What if the 1stA got the 2ndA treatment from MAIG?
For those who don’t yet understand how phony, Mayor Bloomberg’s “mayors against illegal guns” is, this blog by Sebastian over @ snowflakesinhell.com should clear it up for you. It should be called “mayors against guns”.
By the way, if you’re a Fargo resident, Mayor Walaker is a member of this anti-2ndA organization. Call or email him and ask him why. So far he has neglected to give anyone an answer.
Media to Gun Owners: Lighten Up
Posted by:Sebastian on Sep 28th, 2009 | Filed under: Gun Rights
Because heavens forbid we take the Bill of Rights seriously, and all. In this case they are complaining because pressure got Mayor Tautznik to leave the organization, on the premise that it’s not really a local issue, and not something he really wanted to focus on. He couldn’t be more right. How would Masslive feel if we were to redo this issue in a First Amendment context rather than a Second Amendment context?
Mayor Against Illegal Speech support the First Amendment rights of Americans, and is only against illegal speech, like libel,child pornography and and spam. To that end, they propose modest restrictions on the number of e-mails people may send in any given month, in order to combat spam. Background checks on allowing people to buy computers and digital camera equipment at public shows to ensure they don’t fall into the hands of peddlers in child porn. Naturally, we need a code of conduct for vendors who sell internet service, to ensure that they keep records on what their customers are downloading.
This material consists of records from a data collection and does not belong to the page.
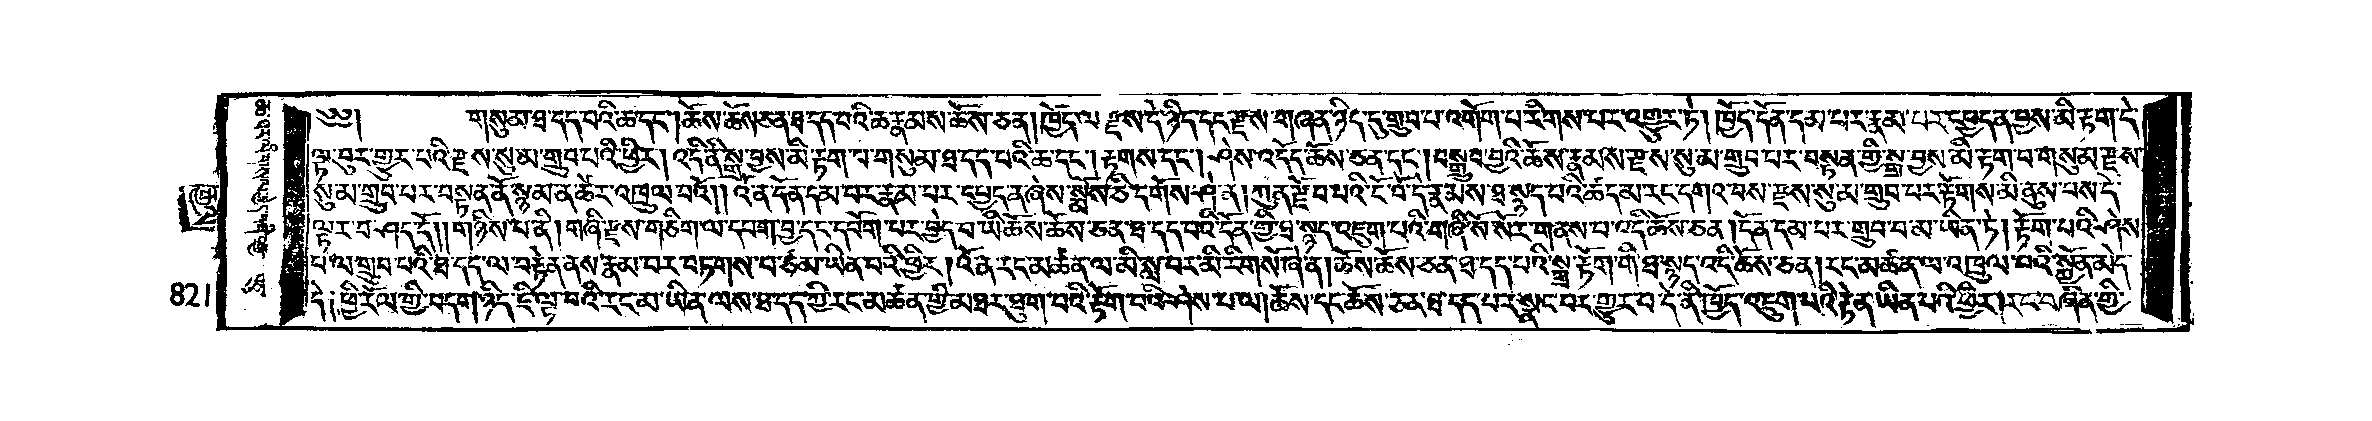༄༅། །གསུམ་ཐ་དད་པའི་ཆ་དང་། ཆོས་ཆོས་ཅན་ཐ་དད་པའི་ཆ་རྣམས་ཆོས་ཅན། ཁྱོད་ལ་རྫས་དེ་ཉིད་དང་རྫས་གཞན་ཉིད་དུ་གྲུབ་པ་འགོག་པ་རིགས་པར་འགྱུར་ཏེ། ཁྱོད་དོན་དམ་པར་རྣམ་པར་དཔྱད་ན་བྱས་མི་རྟག་དེ་
ལྟ་བུར་གྱུར་པའི་རྫས་སུ་མ་གྲུབ་པའི་ཕྱིར། འདི་ནི་སྒྲ་བྱས་མི་རྟག་པ་གསུམ་ཐ་དད་པའི་ཆ་དང་། རྟགས་དང་། ཤེས་འདོད་ཆོས་ཅན་དང་། བསྒྲུབ་བྱའི་ཆོས་རྣམས་རྫས་སུ་མ་གྲུབ་པར་བསྟན་གྱི་སྒྲ་བྱས་མི་རྟག་པ་གསུམ་རྫས་
སུ་མ་གྲུབ་པར་བསྟན་ནོ་སྙམ་ན་ཚེར་འཁྲུལ་བའོ། །འོ་ན་དོན་དམ་པར་རྣམ་པར་དཔྱད་ན་ཞེས་སྨོས་ཅི་དགོས་ཤེ་ན། ཀུན་རྫོབ་པའི་ངོ་བོ་དེ་རྣམས་ཐ་སྙད་པའི་ཚད་མ་རང་དགའ་བས་རྫས་སུ་མ་གྲུབ་པར་རྟོགས་མི་ནུས་པས་ད་
ལྟར་བཤད་དོ། །གཉིས་པ་ནི། གཞི་རྫས་གཅིག་ལ་དཔག་བྱ་དང་དཔོག་པར་བྱེད་པ་ཡི་ཆོས་ཆོས་ཅན་ཐ་དད་པའི་དོན་གྱི་ཐ་སྙད་འཇུག་པའི་གཞི་སོ་སོར་གནས་པ་འདི་ཆོས་ཅན། དོན་དམ་པར་གྲུབ་པ་མ་ཡིན་ཏེ། རྟོག་པའི་ཤེས་
པ་ལ་གྲུབ་པའི་ཐ་དད་ལ་བརྟེན་ནས་རྣམ་པར་བཏགས་པ་ཙམ་ཡིན་པའི་ཕྱིར། འོ་ན་རང་མཚན་ལ་མི་སླ་བར་མི་རིགས་སོ་ཞེ་ན། ཆོས་ཆོས་ཅན་ཐ་དད་པའི་སྒྲ་རྟོག་གི་ཐ་སྙད་འདི་ཆོས་ཅན། རང་མཚན་ལ་འཁྲུལ་བའི་སྐྱོན་མེད་
དེ༑ ཕྱི་རོལ་གྱི་བདག་ཉིད་ཇི་ལྟ་བའི་རང་མ་ཡིན་ལས་ཐ་དད་ཀྱི་རང་མཚན་གྱི་མཐར་ཐུག་པའི་རྟོག་པའི་ཤེས་པ་ལ། ཆོས་དང་ཆོས་ཅན་ཐ་དད་པར་སྣང་བར་གྱུར་བ་དེ་ནི་ཁྱོད་འཇུག་པའི་རྟེན་ཡིན་པའི་ཕྱིར། རང་བཞིན་གྱི་

What we also need is for the government to keep a secret list of people suspected of being child abusers. Those people should not be able to buy internet service or computers. Too bad for the folks who happen to share a first name with someone who’s suspected to be a child abuser, or got himself on the list for hanging around public parks too much looking “creepy.”
MAIS also supports identifying information being placed in every packet of data transmitted on the internet, so that government agents can easily track information back to the source. MAIS is also very much against laws that make it easy to transport computer equipment across state lines, and sensibly rejects laws that override local laws on obscene materials.
Does the media still want to argue that we need to “lighten up?” Does it seem clearer now how an issue no one supports, in our case criminals getting guns, and in the First Amendment analogy, spammers and child pornographers, can be used to sell a sinister agenda for weakening an important constitutional right? If First Amendment advocates were combating our fictional MAIS group, would they need to be told to “lighten up?”